* [EXERCISE REQUIREMENTS]: Please write out all the entries exactly, without the pictures.

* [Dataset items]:
+---+

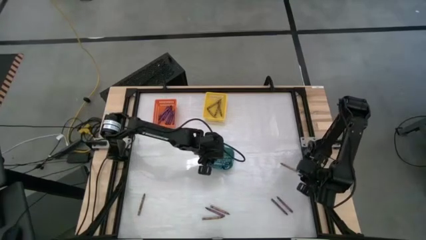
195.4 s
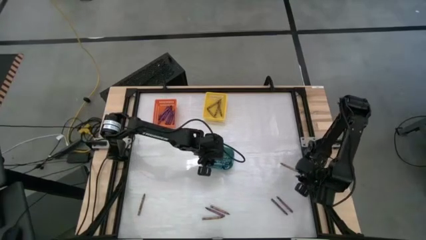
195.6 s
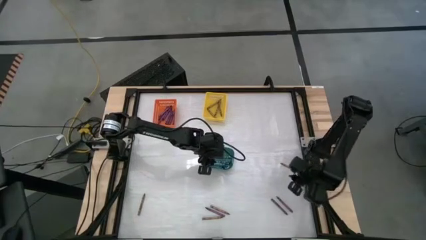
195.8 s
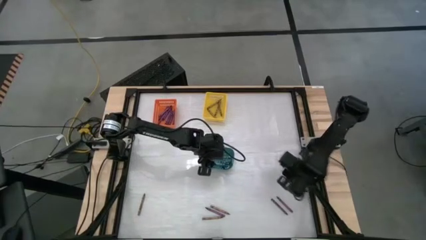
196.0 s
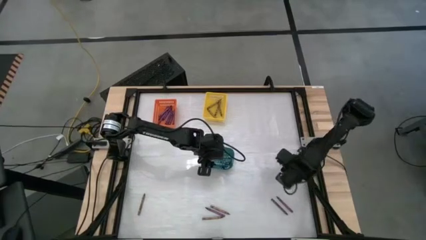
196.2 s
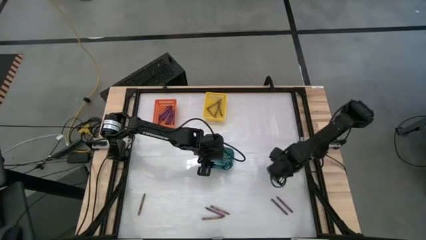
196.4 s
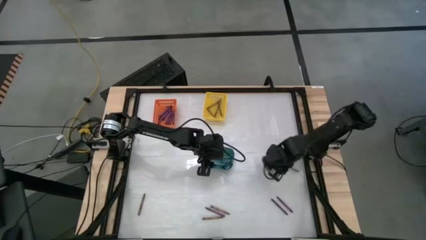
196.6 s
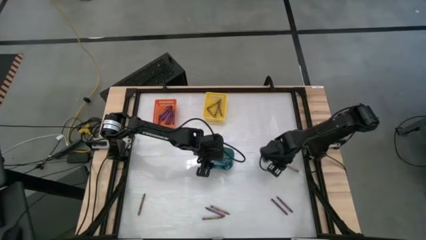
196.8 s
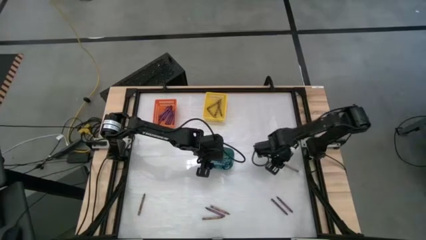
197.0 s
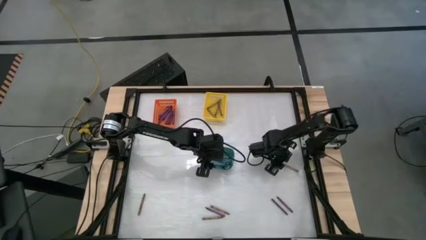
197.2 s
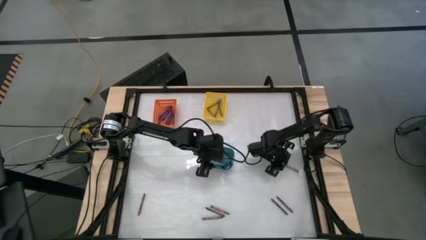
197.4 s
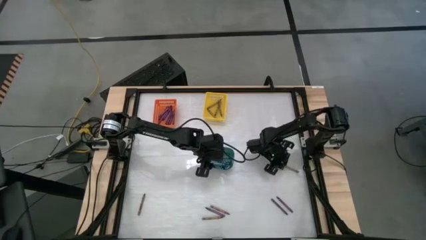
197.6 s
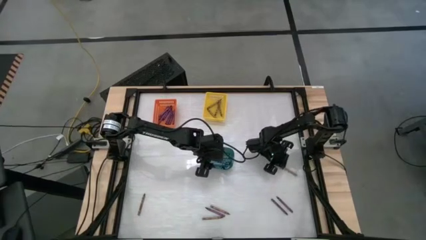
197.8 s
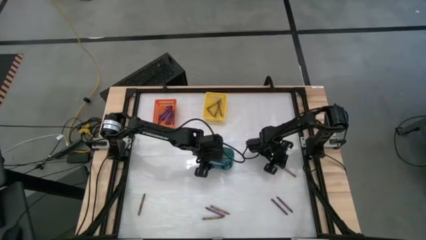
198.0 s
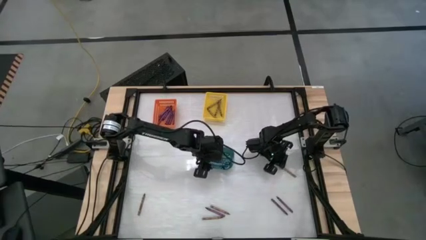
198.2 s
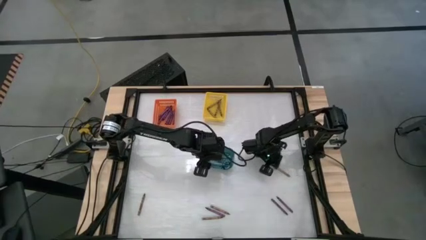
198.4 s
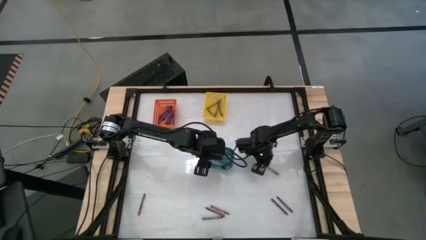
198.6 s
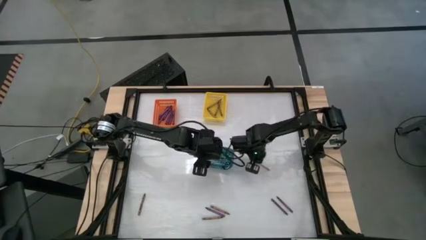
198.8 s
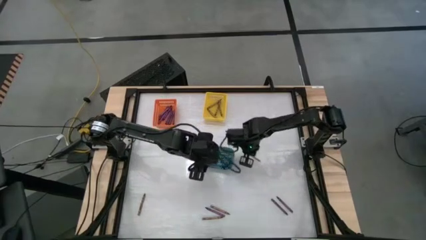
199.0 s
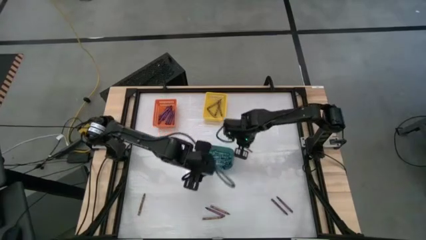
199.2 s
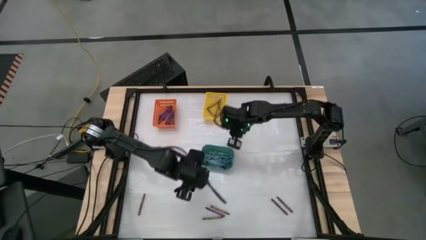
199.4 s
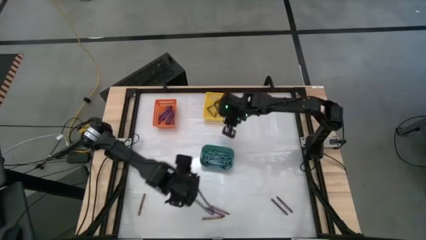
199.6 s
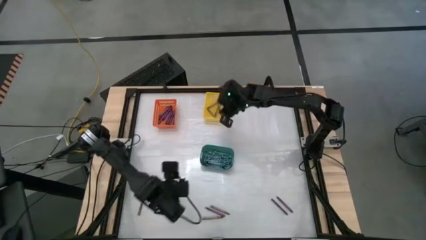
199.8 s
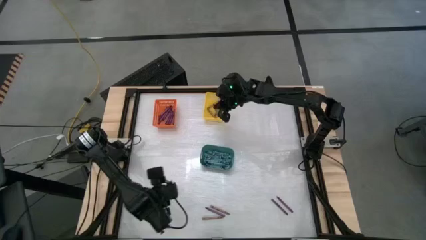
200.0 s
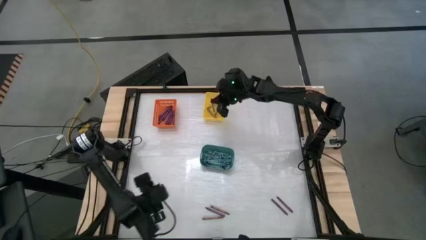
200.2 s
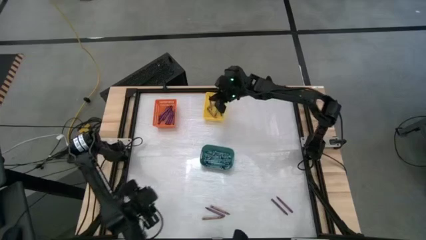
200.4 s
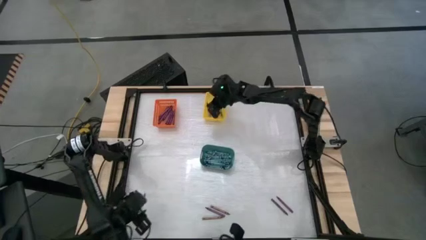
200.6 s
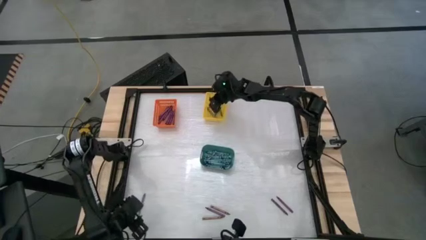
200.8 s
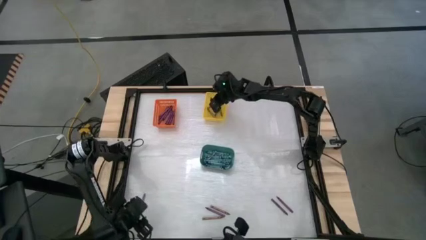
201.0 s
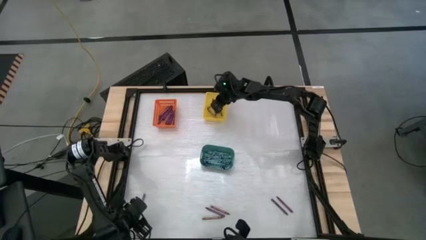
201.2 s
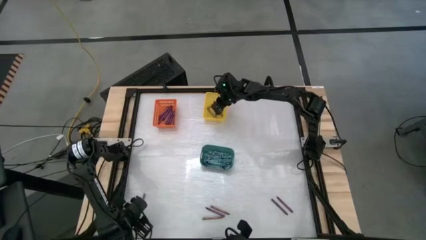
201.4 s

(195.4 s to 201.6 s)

+---+

* [EXERCISE RESULT]:
195.4 s
195.6 s
195.8 s
196.0 s
196.2 s
196.4 s
196.6 s
196.8 s
197.0 s
197.2 s
197.4 s
197.6 s
197.8 s
198.0 s
198.2 s
198.4 s
198.6 s
198.8 s
199.0 s
199.2 s
199.4 s
199.6 s
199.8 s
200.0 s
200.2 s
200.4 s
200.6 s
200.8 s
201.0 s
201.2 s
201.4 s

(195.4 s to 201.6 s)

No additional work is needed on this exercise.